Mrs. Webb took me upstairs and knocked, said, “Mrs. Grant?” a few times, before unlocking the door for me and smiling and nodding and leaving me to it.
I went in and the place was two rooms that I would describe more as under-furnished; still, pleasant enough with its floral wallpaper and fleur-de-lis rugs. The lumpy double bed had a lumpy woman in it. In a slip, she was walking the line between deep sleep and out cold. The nightstand bore two whiskey bottles (one empty, one two-thirds empty), a water glass and the small radio Steve bought yesterday.
And one other thing: an envelope addressed with “Mrs. Esther Grant” scrawled on it.

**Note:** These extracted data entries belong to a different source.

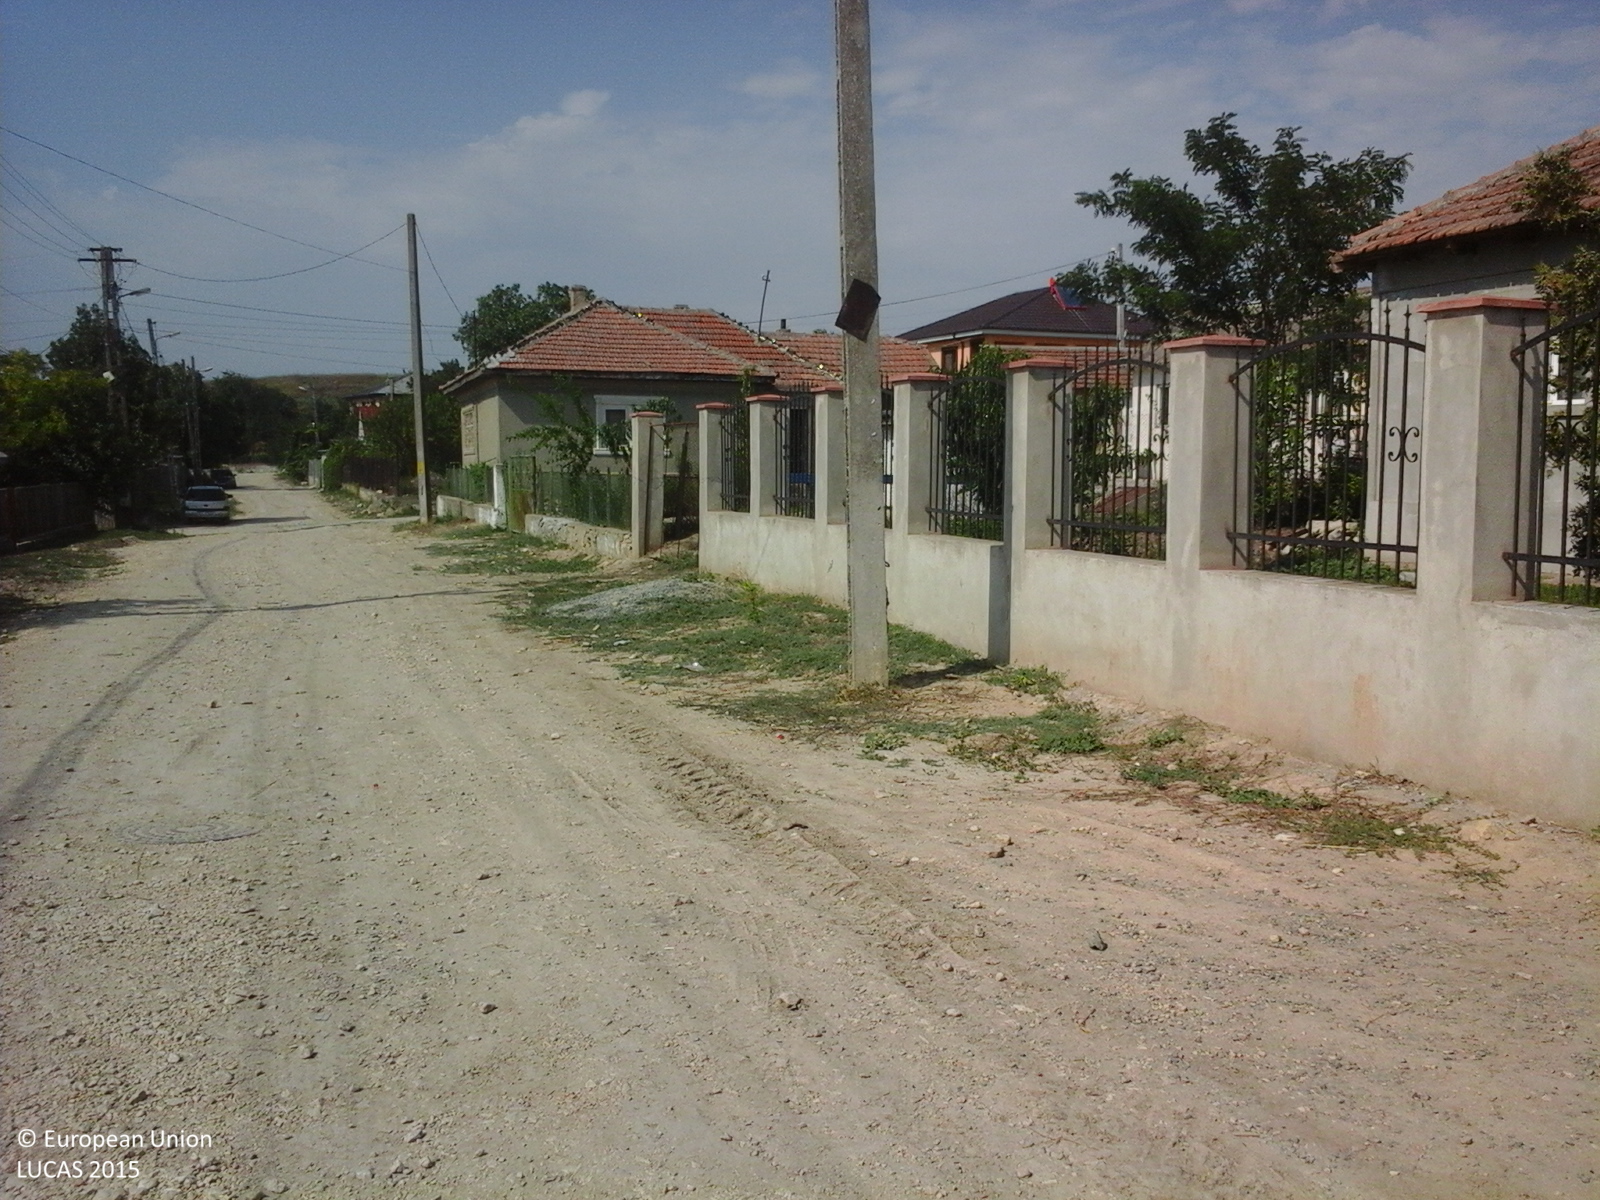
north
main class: Cropland
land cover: Other fruit trees and berries
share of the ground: 50 - 75 %
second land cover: Grassland without tree/shrub cover
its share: > 75 %
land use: Agriculture (excluding fallow land and kitchen gardens)
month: August
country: RO
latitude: 44.2018
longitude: 28.3988

Inside was a note, similarly hasty: “Had to move bags in a hurry as report came in on radio — Girl next door looked funny — Couldn’t wake you — Stay here and I’ll call you when I can.”
On a bureau was a brown cloth purse and in it was $2,500 in twenties and tens, and another note, folded in half: “Stay where you are baby. I will see you in short order. Tell them you are not well and they will bring you food. Just say your husband was called away unexpectedly.”
I got a pad from my sport coat and jotted down a dozen of the serial numbers, then returned the money to the purse.
Mrs. Grant seemed to be rousing a little. I went over and sat on the bed by her. She groaned and so did the mattress — not a Beautyrest. Nor was Steve’s “Bonnie” a beauty at rest. She had a contusion over her left eye and a red streak across the bridge of her nose. Her dark hair medium length and unkempt, she reminded me of a dissipated version of Patsy Kelly, the movie comedienne you used to see in the thirties and early forties with Thelma Todd or maybe the Ritz Brothers.